David is coming to Phoenix in Dec. You should see if he has any openings available to work your dog, even if you have to pay him a bit extra to squeeze you in.


----------



## David Feliciano (Oct 31, 2008)

Chris Michalek said:


> @matt
> 
> David is coming to Phoenix in Dec. You should see if he has any openings available to work your dog, even if you have to pay him a bit extra to squeeze you in.
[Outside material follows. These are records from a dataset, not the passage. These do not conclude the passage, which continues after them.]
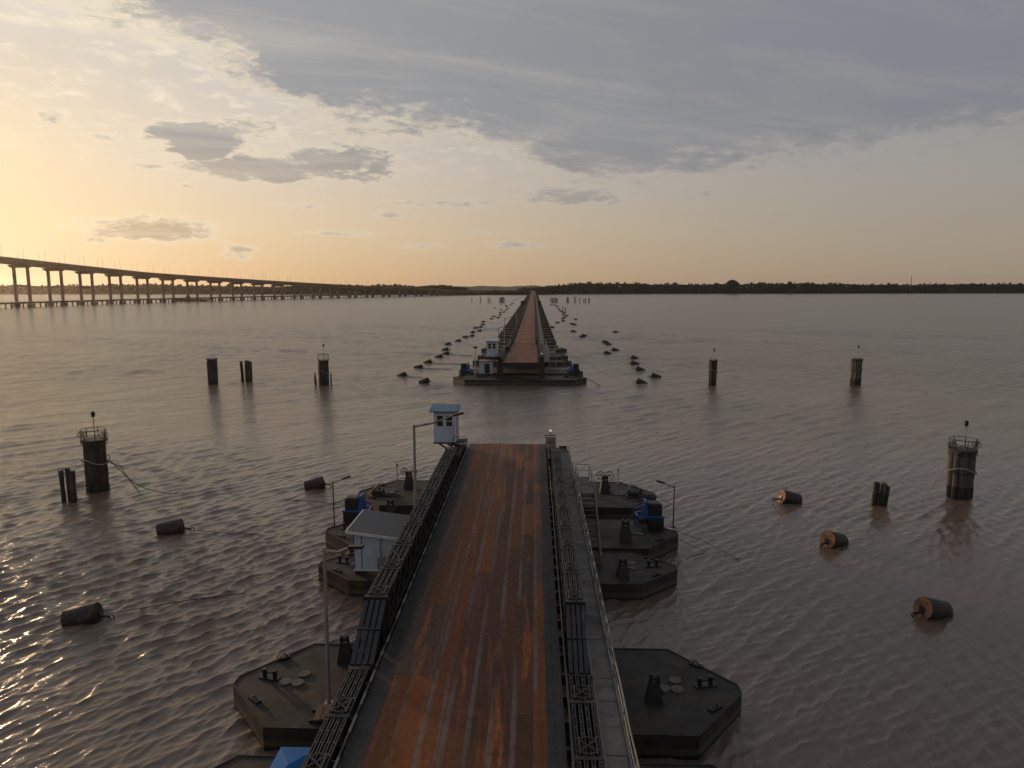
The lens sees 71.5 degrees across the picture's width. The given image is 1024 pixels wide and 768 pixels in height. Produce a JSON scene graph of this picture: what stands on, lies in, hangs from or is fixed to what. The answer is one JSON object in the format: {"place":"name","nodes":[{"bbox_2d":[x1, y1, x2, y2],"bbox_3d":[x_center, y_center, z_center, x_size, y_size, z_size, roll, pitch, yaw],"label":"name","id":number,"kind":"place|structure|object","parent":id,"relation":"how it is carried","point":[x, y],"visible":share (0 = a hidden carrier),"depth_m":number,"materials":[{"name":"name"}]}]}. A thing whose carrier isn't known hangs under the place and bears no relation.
{"place":"outdoors","nodes":[
{"label":"outdoors","id":0,"kind":"place"},
{"bbox_2d":[67,285,544,288],"bbox_3d":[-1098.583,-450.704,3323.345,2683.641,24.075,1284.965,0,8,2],"label":"hills","id":1,"kind":"structure","parent":0,"point":[498,287],"depth_m":3532.76,"materials":[{"name":"green plant"}]},
{"bbox_2d":[0,289,709,294],"bbox_3d":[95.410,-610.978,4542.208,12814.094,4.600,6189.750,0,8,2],"label":"bank land","id":2,"kind":"structure","parent":0,"point":[412,294],"depth_m":1652.14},
{"bbox_2d":[0,283,532,294],"bbox_3d":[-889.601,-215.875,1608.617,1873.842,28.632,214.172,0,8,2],"label":"mangrove wood","id":3,"kind":"object","parent":2,"relation":"on","point":[130,289],"visible":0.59,"depth_m":1627.72,"materials":[{"name":"green plant"}]},
{"bbox_2d":[725,280,738,290],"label":"tree","id":4,"kind":"object","parent":2,"relation":"on","point":[732,283],"visible":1,"depth_m":1650.91,"materials":[{"name":"green plant"}]},
{"bbox_2d":[516,281,1023,294],"bbox_3d":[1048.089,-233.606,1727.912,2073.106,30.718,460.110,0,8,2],"label":"mangrove wood","id":5,"kind":"object","parent":2,"relation":"on","point":[675,287],"visible":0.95,"depth_m":1763.89,"materials":[{"name":"green plant"}]},
{"bbox_2d":[787,281,792,292],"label":"tree","id":6,"kind":"object","parent":2,"relation":"on","point":[789,284],"visible":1,"depth_m":1675.38,"materials":[{"name":"green plant"}]},
{"bbox_2d":[0,286,1023,767],"bbox_3d":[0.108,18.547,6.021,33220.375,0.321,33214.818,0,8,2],"label":"river water","id":7,"kind":"structure","parent":0,"point":[822,656],"depth_m":68.19,"materials":[{"name":"brown liquid"}]},
{"bbox_2d":[58,468,77,502],"bbox_3d":[-39.785,9.613,63.888,1.453,4.239,0.774,0,8,2],"label":"timber stump","id":8,"kind":"object","parent":7,"relation":"in","point":[70,475],"visible":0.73,"depth_m":63.59,"materials":[{"name":"brown wood"}]},
{"bbox_2d":[60,602,114,626],"bbox_3d":[-24.462,13.353,41.152,2.590,1.258,1.265,-12,10,-8],"label":"mooring buoy","id":9,"kind":"object","parent":7,"relation":"on","point":[90,613],"visible":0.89,"depth_m":40.64,"materials":[{"name":"metal"}]},
{"bbox_2d":[77,411,109,492],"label":"mooring dolphin","id":10,"kind":"object","parent":7,"relation":"in","point":[95,465],"visible":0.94,"depth_m":66.54,"materials":[{"name":"brown wood"}]},
{"bbox_2d":[106,460,138,491],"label":"mooring line","id":11,"kind":"object","parent":7,"relation":"on","point":[125,474],"visible":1,"depth_m":67.06,"materials":[{"name":"beige fabric"}]},
{"bbox_2d":[109,459,170,493],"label":"mooring line","id":12,"kind":"object","parent":7,"relation":"on","point":[137,484],"visible":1,"depth_m":66.32,"materials":[{"name":"beige fabric"}]},
{"bbox_2d":[104,592,245,614],"bbox_3d":[-20.436,13.331,43.288,7.936,0.168,0.275,-4,9,-25],"label":"mooring line","id":13,"kind":"object","parent":7,"relation":"on","point":[171,602],"visible":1,"depth_m":43.23,"materials":[{"name":"fabric"}]},
{"bbox_2d":[156,518,194,534],"bbox_3d":[-26.485,11.301,56.021,2.590,1.258,1.265,-12,11,-15],"label":"mooring buoy","id":14,"kind":"object","parent":7,"relation":"on","point":[175,526],"visible":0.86,"depth_m":55.47,"materials":[{"name":"metal"}]},
{"bbox_2d":[175,296,206,300],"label":"work barge","id":15,"kind":"object","parent":7,"relation":"on","point":[189,299],"visible":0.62,"depth_m":874.56,"materials":[{"name":"metal"}]},
{"bbox_2d":[206,357,218,384],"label":"mooring dolphin","id":16,"kind":"object","parent":7,"relation":"in","point":[212,369],"visible":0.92,"depth_m":139.25,"materials":[{"name":"wood"}]},
{"bbox_2d":[183,529,260,534],"bbox_3d":[-22.539,11.612,55.603,7.160,0.198,0.077,1,8,7],"label":"mooring line","id":17,"kind":"object","parent":7,"relation":"on","point":[223,532],"visible":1,"depth_m":55.56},
{"bbox_2d":[0,292,470,307],"bbox_3d":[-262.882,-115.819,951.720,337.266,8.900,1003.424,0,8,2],"label":"trestle jetty","id":18,"kind":"object","parent":7,"relation":"in","point":[11,303],"visible":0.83,"depth_m":840.96,"materials":[{"name":"concrete"}]},
{"bbox_2d":[0,256,488,306],"bbox_3d":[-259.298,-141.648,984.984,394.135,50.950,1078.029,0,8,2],"label":"concrete bridge","id":19,"kind":"structure","parent":7,"relation":"on","point":[27,264],"depth_m":801.81,"materials":[{"name":"grey concrete"}]},
{"bbox_2d":[239,360,252,381],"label":"timber stump","id":20,"kind":"object","parent":7,"relation":"in","point":[248,370],"visible":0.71,"depth_m":143.29,"materials":[{"name":"brown wood"}]},
{"bbox_2d":[303,476,331,489],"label":"mooring buoy","id":21,"kind":"object","parent":7,"relation":"on","point":[317,483],"visible":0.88,"depth_m":67.73,"materials":[{"name":"metal"}]},
{"bbox_2d":[317,344,329,384],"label":"mooring dolphin","id":22,"kind":"object","parent":7,"relation":"in","point":[323,371],"visible":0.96,"depth_m":138.48,"materials":[{"name":"brown wood"}]},
{"bbox_2d":[289,494,358,503],"bbox_3d":[-17.074,10.188,62.978,7.292,1.001,1.370,1,8,9],"label":"mooring line","id":23,"kind":"object","parent":7,"relation":"on","point":[320,502],"visible":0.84,"depth_m":62.88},
{"bbox_2d":[397,372,408,375],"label":"mooring buoy","id":24,"kind":"object","parent":7,"relation":"on","point":[403,374],"visible":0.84,"depth_m":152.37,"materials":[{"name":"metal"}]},
{"bbox_2d":[419,378,431,382],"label":"mooring buoy","id":25,"kind":"object","parent":7,"relation":"on","point":[425,380],"visible":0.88,"depth_m":141.07,"materials":[{"name":"metal"}]},
{"bbox_2d":[213,702,717,767],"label":"pontoon","id":26,"kind":"object","parent":7,"relation":"on","point":[249,761],"visible":0.21,"depth_m":27.23,"materials":[{"name":"black metal"}]},
{"bbox_2d":[270,747,312,767],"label":"booth","id":27,"kind":"object","parent":26,"relation":"on","point":[290,757],"visible":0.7,"depth_m":23.83,"materials":[{"name":"blue paint"}]},
{"bbox_2d":[232,600,741,759],"bbox_3d":[-1.240,13.336,32.641,23.230,4.430,7.030,0,8,2],"label":"pontoon","id":28,"kind":"object","parent":7,"relation":"on","point":[281,697],"visible":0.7,"depth_m":31.64,"materials":[{"name":"black metal"}]},
{"bbox_2d":[309,704,331,722],"bbox_3d":[-7.667,14.063,30.370,1.800,0.212,1.100,-1,8,-5],"label":"plank stack","id":29,"kind":"object","parent":28,"relation":"on","point":[321,710],"visible":0.33,"depth_m":30.25,"materials":[{"name":"brown wood"}]},
{"bbox_2d":[323,544,363,703],"bbox_3d":[-7.259,10.435,30.722,1.964,7.307,0.417,0,8,2],"label":"lamp post","id":30,"kind":"object","parent":28,"relation":"on","point":[351,547],"visible":0.92,"depth_m":30.70,"materials":[{"name":"black metal"}]},
{"bbox_2d":[337,633,352,664],"bbox_3d":[-8.131,12.894,34.777,0.851,1.320,0.720,-1,8,-10],"label":"chain winch","id":31,"kind":"object","parent":28,"relation":"on","point":[345,653],"visible":0.89,"depth_m":34.55,"materials":[{"name":"black metal"}]},
{"bbox_2d":[301,437,639,767],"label":"bridge span","id":32,"kind":"object","parent":28,"relation":"on","point":[467,673],"visible":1,"depth_m":29.92,"materials":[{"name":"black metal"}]},
{"bbox_2d":[413,412,463,513],"bbox_3d":[-4.581,5.154,43.959,3.269,6.936,0.420,0,8,-1],"label":"lamp post","id":33,"kind":"object","parent":32,"relation":"on","point":[414,460],"visible":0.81,"depth_m":43.71,"materials":[{"name":"black metal"}]},
{"bbox_2d":[429,403,467,448],"bbox_3d":[-5.574,4.056,64.017,3.400,4.449,2.900,0,8,2],"label":"control cabin","id":34,"kind":"object","parent":32,"relation":"attached to","point":[446,431],"visible":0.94,"depth_m":63.20,"materials":[{"name":"white metal"}]},
{"bbox_2d":[436,415,443,426],"bbox_3d":[-6.376,3.282,63.055,0.690,1.090,0.041,0,8,2],"label":"window","id":35,"kind":"structure","parent":34,"relation":"in","point":[440,424],"depth_m":63.06,"materials":[{"name":"white glass"}]},
{"bbox_2d":[445,415,452,426],"bbox_3d":[-5.576,3.285,63.030,0.690,1.090,0.041,0,8,2],"label":"window","id":36,"kind":"structure","parent":34,"relation":"in","point":[448,422],"depth_m":63.04,"materials":[{"name":"white glass"}]},
{"bbox_2d":[456,416,457,440],"bbox_3d":[-4.945,3.947,64.083,0.048,2.150,0.900,0,8,2],"label":"door","id":37,"kind":"structure","parent":34,"relation":"in","point":[456,416],"depth_m":63.75,"materials":[{"name":"white metal"}]},
{"bbox_2d":[645,671,664,706],"bbox_3d":[6.318,13.370,31.340,0.851,1.320,0.720,1,8,7],"label":"chain winch","id":38,"kind":"object","parent":28,"relation":"on","point":[654,693],"visible":1,"depth_m":31.12,"materials":[{"name":"black metal"}]},
{"bbox_2d":[318,534,677,600],"bbox_3d":[-0.998,11.410,46.557,23.430,4.430,5.430,0,8,2],"label":"pontoon","id":39,"kind":"object","parent":7,"relation":"on","point":[650,576],"visible":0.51,"depth_m":45.22,"materials":[{"name":"black metal"}]},
{"bbox_2d":[345,509,408,573],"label":"store shed","id":40,"kind":"structure","parent":39,"relation":"on","point":[376,533],"depth_m":45.14,"materials":[{"name":"white paint"}]},
{"bbox_2d":[575,464,601,569],"bbox_3d":[5.421,9.232,51.257,1.150,4.305,11.152,0,8,2],"label":"gangway stair","id":41,"kind":"object","parent":39,"relation":"on","point":[585,486],"visible":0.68,"depth_m":51.10,"materials":[{"name":"metal"}]},
{"bbox_2d":[615,557,629,579],"bbox_3d":[6.990,11.533,44.608,0.851,1.320,0.720,-1,8,-4],"label":"chain winch","id":42,"kind":"object","parent":39,"relation":"on","point":[622,572],"visible":1,"depth_m":44.38,"materials":[{"name":"black metal"}]},
{"bbox_2d":[325,518,678,558],"bbox_3d":[-0.843,10.519,52.994,26.230,4.430,6.430,0,8,2],"label":"pontoon","id":43,"kind":"object","parent":7,"relation":"on","point":[653,543],"visible":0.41,"depth_m":51.87,"materials":[{"name":"black metal"}]},
{"bbox_2d":[331,475,350,526],"bbox_3d":[-12.986,8.893,54.016,1.549,3.971,0.404,0,8,2],"label":"lamp post","id":44,"kind":"object","parent":43,"relation":"on","point":[346,477],"visible":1,"depth_m":53.95,"materials":[{"name":"black metal"}]},
{"bbox_2d":[342,493,372,523],"bbox_3d":[-11.998,10.082,55.218,2.377,3.113,1.260,0,8,2],"label":"propulsion unit","id":45,"kind":"object","parent":43,"relation":"on","point":[355,505],"visible":0.69,"depth_m":54.65,"materials":[{"name":"blue paint"}]},
{"bbox_2d":[386,498,396,513],"bbox_3d":[-9.542,9.828,56.205,0.979,1.518,0.828,0,8,2],"label":"chain winch","id":46,"kind":"object","parent":43,"relation":"on","point":[390,507],"visible":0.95,"depth_m":55.96,"materials":[{"name":"black metal"}]},
{"bbox_2d":[618,519,632,542],"bbox_3d":[8.207,10.503,51.088,1.021,1.584,0.864,0,8,2],"label":"chain winch","id":47,"kind":"object","parent":43,"relation":"on","point":[625,534],"visible":1,"depth_m":50.81,"materials":[{"name":"black metal"}]},
{"bbox_2d":[634,498,664,530],"bbox_3d":[10.410,10.275,53.825,2.377,3.113,1.260,0,8,2],"label":"propulsion unit","id":48,"kind":"object","parent":43,"relation":"on","point":[651,511],"visible":0.91,"depth_m":53.26,"materials":[{"name":"blue paint"}]},
{"bbox_2d":[656,479,675,527],"bbox_3d":[11.647,9.052,53.808,1.595,3.713,0.400,0,8,2],"label":"lamp post","id":49,"kind":"object","parent":43,"relation":"on","point":[663,482],"visible":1,"depth_m":53.70,"materials":[{"name":"black metal"}]},
{"bbox_2d":[499,297,504,302],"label":"timber stake","id":50,"kind":"object","parent":7,"relation":"in","point":[501,299],"visible":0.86,"depth_m":806.46,"materials":[{"name":"wood"}]},
{"bbox_2d":[358,480,655,518],"bbox_3d":[-0.482,9.163,62.794,26.230,4.430,7.730,0,8,2],"label":"pontoon","id":51,"kind":"object","parent":7,"relation":"on","point":[615,503],"visible":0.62,"depth_m":61.08,"materials":[{"name":"black metal"}]},
{"bbox_2d":[369,483,400,496],"bbox_3d":[-11.176,9.320,62.328,2.929,1.006,1.326,0,8,2],"label":"mooring gear","id":52,"kind":"object","parent":51,"relation":"on","point":[379,493],"visible":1,"depth_m":62.04,"materials":[{"name":"black metal"}]},
{"bbox_2d":[401,467,416,488],"bbox_3d":[-9.333,8.478,64.395,1.537,1.948,0.864,0,8,2],"label":"chain winch","id":53,"kind":"object","parent":51,"relation":"on","point":[409,482],"visible":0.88,"depth_m":64.15,"materials":[{"name":"black metal"}]},
{"bbox_2d":[596,471,613,493],"bbox_3d":[8.233,8.663,63.054,1.537,1.948,0.864,0,8,2],"label":"chain winch","id":54,"kind":"object","parent":51,"relation":"on","point":[605,486],"visible":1,"depth_m":62.81,"materials":[{"name":"black metal"}]},
{"bbox_2d":[623,484,656,497],"bbox_3d":[11.122,9.376,61.929,2.929,1.006,1.326,0,8,2],"label":"mooring gear","id":55,"kind":"object","parent":51,"relation":"on","point":[635,494],"visible":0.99,"depth_m":61.62,"materials":[{"name":"black metal"}]},
{"bbox_2d":[453,375,586,385],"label":"pontoon","id":56,"kind":"object","parent":7,"relation":"on","point":[520,380],"visible":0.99,"depth_m":139.12,"materials":[{"name":"black metal"}]},
{"bbox_2d":[460,362,472,375],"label":"propulsion unit","id":57,"kind":"object","parent":56,"relation":"on","point":[464,369],"visible":0.87,"depth_m":147.64,"materials":[{"name":"blue paint"}]},
{"bbox_2d":[473,346,477,377],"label":"lamp post","id":58,"kind":"object","parent":56,"relation":"on","point":[475,347],"visible":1,"depth_m":141.27,"materials":[{"name":"black metal"}]},
{"bbox_2d":[478,360,493,374],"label":"machine hut","id":59,"kind":"object","parent":56,"relation":"on","point":[486,366],"visible":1,"depth_m":146.34,"materials":[{"name":"white paint"}]},
{"bbox_2d":[485,364,489,372],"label":"door","id":60,"kind":"structure","parent":59,"relation":"in","point":[487,366],"depth_m":146.32,"materials":[{"name":"grey metal"}]},
{"bbox_2d":[496,340,549,378],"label":"bridge span","id":61,"kind":"object","parent":56,"relation":"on","point":[518,355],"visible":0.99,"depth_m":149.73,"materials":[{"name":"black metal"}]},
{"bbox_2d":[484,338,499,362],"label":"control cabin","id":62,"kind":"object","parent":61,"relation":"attached to","point":[492,348],"visible":0.95,"depth_m":147.14,"materials":[{"name":"white metal"}]},
{"bbox_2d":[504,314,516,344],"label":"lamp post","id":63,"kind":"object","parent":61,"relation":"on","point":[504,328],"visible":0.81,"depth_m":174.82,"materials":[{"name":"black metal"}]},
{"bbox_2d":[567,362,579,375],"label":"propulsion unit","id":64,"kind":"object","parent":56,"relation":"on","point":[575,369],"visible":0.86,"depth_m":147.23,"materials":[{"name":"blue paint"}]},
{"bbox_2d":[459,363,582,376],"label":"pontoon","id":65,"kind":"object","parent":7,"relation":"on","point":[530,372],"visible":0.19,"depth_m":151.11,"materials":[{"name":"black metal"}]},
{"bbox_2d":[549,348,556,370],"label":"gangway stair","id":66,"kind":"object","parent":65,"relation":"on","point":[553,357],"visible":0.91,"depth_m":156.52,"materials":[{"name":"metal"}]},
{"bbox_2d":[473,359,570,366],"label":"pontoon","id":67,"kind":"object","parent":7,"relation":"on","point":[561,363],"visible":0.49,"depth_m":170.63,"materials":[{"name":"black metal"}]},
{"bbox_2d":[478,353,567,359],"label":"pontoon","id":68,"kind":"object","parent":7,"relation":"on","point":[558,357],"visible":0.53,"depth_m":184.24,"materials":[{"name":"black metal"}]},
{"bbox_2d":[509,335,543,344],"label":"bridge span","id":69,"kind":"object","parent":68,"relation":"on","point":[526,340],"visible":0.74,"depth_m":194.79,"materials":[{"name":"metal"}]},
{"bbox_2d":[481,340,566,352],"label":"pontoon","id":70,"kind":"object","parent":7,"relation":"on","point":[558,350],"visible":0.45,"depth_m":204.96,"materials":[{"name":"black metal"}]},
{"bbox_2d":[512,331,542,339],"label":"bridge span","id":71,"kind":"object","parent":70,"relation":"on","point":[525,336],"visible":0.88,"depth_m":211.49,"materials":[{"name":"metal"}]},
{"bbox_2d":[499,326,552,335],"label":"pontoon","id":72,"kind":"object","parent":7,"relation":"on","point":[551,334],"visible":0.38,"depth_m":275.11,"materials":[{"name":"black metal"}]},
{"bbox_2d":[499,328,553,338],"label":"pontoon","id":73,"kind":"object","parent":7,"relation":"on","point":[545,336],"visible":0.34,"depth_m":261.38,"materials":[{"name":"black metal"}]},
{"bbox_2d":[517,322,540,328],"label":"bridge span","id":74,"kind":"object","parent":73,"relation":"on","point":[538,326],"visible":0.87,"depth_m":264.59,"materials":[{"name":"metal"}]},
{"bbox_2d":[501,324,551,332],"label":"pontoon","id":75,"kind":"object","parent":7,"relation":"on","point":[517,331],"visible":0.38,"depth_m":287.49,"materials":[{"name":"black metal"}]},
{"bbox_2d":[518,320,540,325],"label":"bridge span","id":76,"kind":"object","parent":75,"relation":"on","point":[527,323],"visible":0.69,"depth_m":283.99,"materials":[{"name":"metal"}]},
{"bbox_2d":[503,321,550,330],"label":"pontoon","id":77,"kind":"object","parent":7,"relation":"on","point":[512,329],"visible":0.44,"depth_m":306.50,"materials":[{"name":"black metal"}]},
{"bbox_2d":[519,318,539,322],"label":"bridge span","id":78,"kind":"object","parent":77,"relation":"on","point":[528,320],"visible":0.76,"depth_m":301.41,"materials":[{"name":"metal"}]},
{"bbox_2d":[500,330,554,341],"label":"pontoon","id":79,"kind":"object","parent":7,"relation":"on","point":[552,340],"visible":0.25,"depth_m":244.75,"materials":[{"name":"black metal"}]},
{"bbox_2d":[515,324,541,330],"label":"bridge span","id":80,"kind":"object","parent":79,"relation":"on","point":[527,328],"visible":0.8,"depth_m":245.19,"materials":[{"name":"metal"}]},
{"bbox_2d":[505,319,549,327],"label":"pontoon","id":81,"kind":"object","parent":7,"relation":"on","point":[519,326],"visible":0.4,"depth_m":323.71,"materials":[{"name":"black metal"}]},
{"bbox_2d":[519,316,539,319],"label":"bridge span","id":82,"kind":"object","parent":81,"relation":"on","point":[528,318],"visible":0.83,"depth_m":320.66,"materials":[{"name":"metal"}]},
{"bbox_2d":[506,322,548,325],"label":"pontoon","id":83,"kind":"object","parent":7,"relation":"on","point":[535,324],"visible":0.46,"depth_m":341.85,"materials":[{"name":"black metal"}]},
{"bbox_2d":[499,333,556,344],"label":"pontoon","id":84,"kind":"object","parent":7,"relation":"on","point":[545,342],"visible":0.27,"depth_m":232.10,"materials":[{"name":"black metal"}]},
{"bbox_2d":[513,328,542,334],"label":"bridge span","id":85,"kind":"object","parent":84,"relation":"on","point":[528,332],"visible":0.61,"depth_m":229.52,"materials":[{"name":"metal"}]},
{"bbox_2d":[499,336,557,347],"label":"pontoon","id":86,"kind":"object","parent":7,"relation":"on","point":[548,346],"visible":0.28,"depth_m":217.90,"materials":[{"name":"black metal"}]},
{"bbox_2d":[508,316,548,323],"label":"pontoon","id":87,"kind":"object","parent":7,"relation":"on","point":[535,322],"visible":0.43,"depth_m":359.98,"materials":[{"name":"black metal"}]},
{"bbox_2d":[521,313,539,316],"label":"bridge span","id":88,"kind":"object","parent":87,"relation":"on","point":[529,315],"visible":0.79,"depth_m":350.15,"materials":[{"name":"metal"}]},
{"bbox_2d":[509,317,547,321],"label":"pontoon","id":89,"kind":"object","parent":7,"relation":"on","point":[535,320],"visible":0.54,"depth_m":378.11,"materials":[{"name":"black metal"}]},
{"bbox_2d":[550,297,557,302],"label":"timber stake","id":90,"kind":"object","parent":7,"relation":"in","point":[554,300],"visible":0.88,"depth_m":807.29,"materials":[{"name":"wood"}]},
{"bbox_2d":[633,378,646,383],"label":"mooring buoy","id":91,"kind":"object","parent":7,"relation":"on","point":[639,380],"visible":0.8,"depth_m":141.07,"materials":[{"name":"metal"}]},
{"bbox_2d":[651,373,660,377],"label":"mooring buoy","id":92,"kind":"object","parent":7,"relation":"on","point":[655,375],"visible":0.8,"depth_m":150.33,"materials":[{"name":"metal"}]},
{"bbox_2d":[680,540,704,559],"bbox_3d":[12.765,11.799,51.336,2.477,0.983,1.076,-6,10,-35],"label":"mooring line","id":93,"kind":"object","parent":7,"relation":"on","point":[693,546],"visible":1,"depth_m":51.49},
{"bbox_2d":[674,530,739,560],"bbox_3d":[14.478,11.647,52.248,5.251,1.034,1.217,7,10,41],"label":"mooring line","id":94,"kind":"object","parent":7,"relation":"on","point":[710,544],"visible":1,"depth_m":52.49,"materials":[{"name":"fabric"}]},
{"bbox_2d":[708,349,717,384],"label":"mooring dolphin","id":95,"kind":"object","parent":7,"relation":"in","point":[712,371],"visible":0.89,"depth_m":138.34,"materials":[{"name":"wood"}]},
{"bbox_2d":[772,490,802,503],"bbox_3d":[24.520,10.196,63.642,2.540,1.337,1.346,16,5,-12],"label":"mooring buoy","id":96,"kind":"object","parent":7,"relation":"on","point":[786,497],"visible":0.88,"depth_m":63.20,"materials":[{"name":"metal"}]},
{"bbox_2d":[820,531,848,548],"bbox_3d":[23.792,11.669,52.999,2.540,1.337,1.346,15,-2,-33],"label":"mooring buoy","id":97,"kind":"object","parent":7,"relation":"on","point":[830,539],"visible":0.87,"depth_m":52.64,"materials":[{"name":"metal"}]},
{"bbox_2d":[850,345,863,384],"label":"mooring dolphin","id":98,"kind":"object","parent":7,"relation":"in","point":[856,371],"visible":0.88,"depth_m":138.52,"materials":[{"name":"brown wood"}]},
{"bbox_2d":[871,481,890,505],"bbox_3d":[32.479,10.198,62.745,1.639,3.392,0.712,0,8,2],"label":"timber stump","id":99,"kind":"object","parent":7,"relation":"in","point":[883,491],"visible":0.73,"depth_m":62.47,"materials":[{"name":"brown wood"}]},
{"bbox_2d":[911,597,953,619],"bbox_3d":[24.461,13.227,41.738,2.540,1.337,1.346,15,2,-22],"label":"mooring buoy","id":100,"kind":"object","parent":7,"relation":"on","point":[926,608],"visible":0.92,"depth_m":41.39,"materials":[{"name":"metal"}]},
{"bbox_2d":[945,420,980,499],"bbox_3d":[41.006,7.411,64.853,2.496,8.335,2.493,-8,11,-44],"label":"mooring dolphin","id":101,"kind":"object","parent":7,"relation":"in","point":[960,469],"visible":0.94,"depth_m":64.28,"materials":[{"name":"brown wood"}]},
{"bbox_2d":[921,459,950,500],"bbox_3d":[38.387,8.661,64.350,3.146,3.640,0.070,-3,8,-19],"label":"mooring line","id":102,"kind":"object","parent":101,"relation":"attached to","point":[936,480],"visible":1,"depth_m":64.34,"materials":[{"name":"fabric"}]},
{"bbox_2d":[0,0,1023,286],"label":"sky","id":103,"kind":"structure","parent":0,"point":[353,142],"materials":[{"name":"grey"}]},
{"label":"pontoon","id":104,"kind":"object","parent":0,"visible":0},
{"bbox_2d":[522,310,538,313],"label":"bridge span","id":105,"kind":"object","parent":104,"relation":"on","point":[530,312],"visible":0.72,"depth_m":386.73,"materials":[{"name":"metal"}]}
]}

Just for Matt I'll bring a big plastic jug with some rocks in it and my bite suit


----------



## Thomas Barriano (Mar 27, 2006)

Chris Michalek said:


> @matt
> 
> David is coming to Phoenix in Dec. You should see if he has any openings available to work your dog, even if you have to pay him a bit extra to squeeze you in.


Chris,

How many gerbils would it cost to work my Dobermann Flannchadh? :-0


----------



## Chris Michalek (Feb 13, 2008)

Thomas Barriano said:


> Chris,
> 
> How many gerbils would it cost to work my Dobermann Flannchadh? :-0



there's a waiting line for the gerbil hole. We'll let you know when one falls out.


----------



## Joby Becker (Dec 13, 2009)

Chris Michalek said:


> there's a waiting line for the gerbil hole. We'll let you know when one falls out.


that was FUNNY


----------



## Sarah ten Bensel (Mar 16, 2008)

No comment on the quality of the work, but as a Minnesotan, I appreciated the Vikings jersey Chris hope next time you come up north to hang out, you'll bring a dog or two and join us at MVSV like ya did last year. 
I really liked the decoy BTW; nice work and makes me appreciate the subtleties you decoys have to know when training each dog. Thanks


----------



## Shane Woodlief (Sep 9, 2009)

I tried to watch but every time I just bust out laughing! A working dog video named "Back Alley" with with some kind of porn music playing in the back ground. Too freaking funny!


----------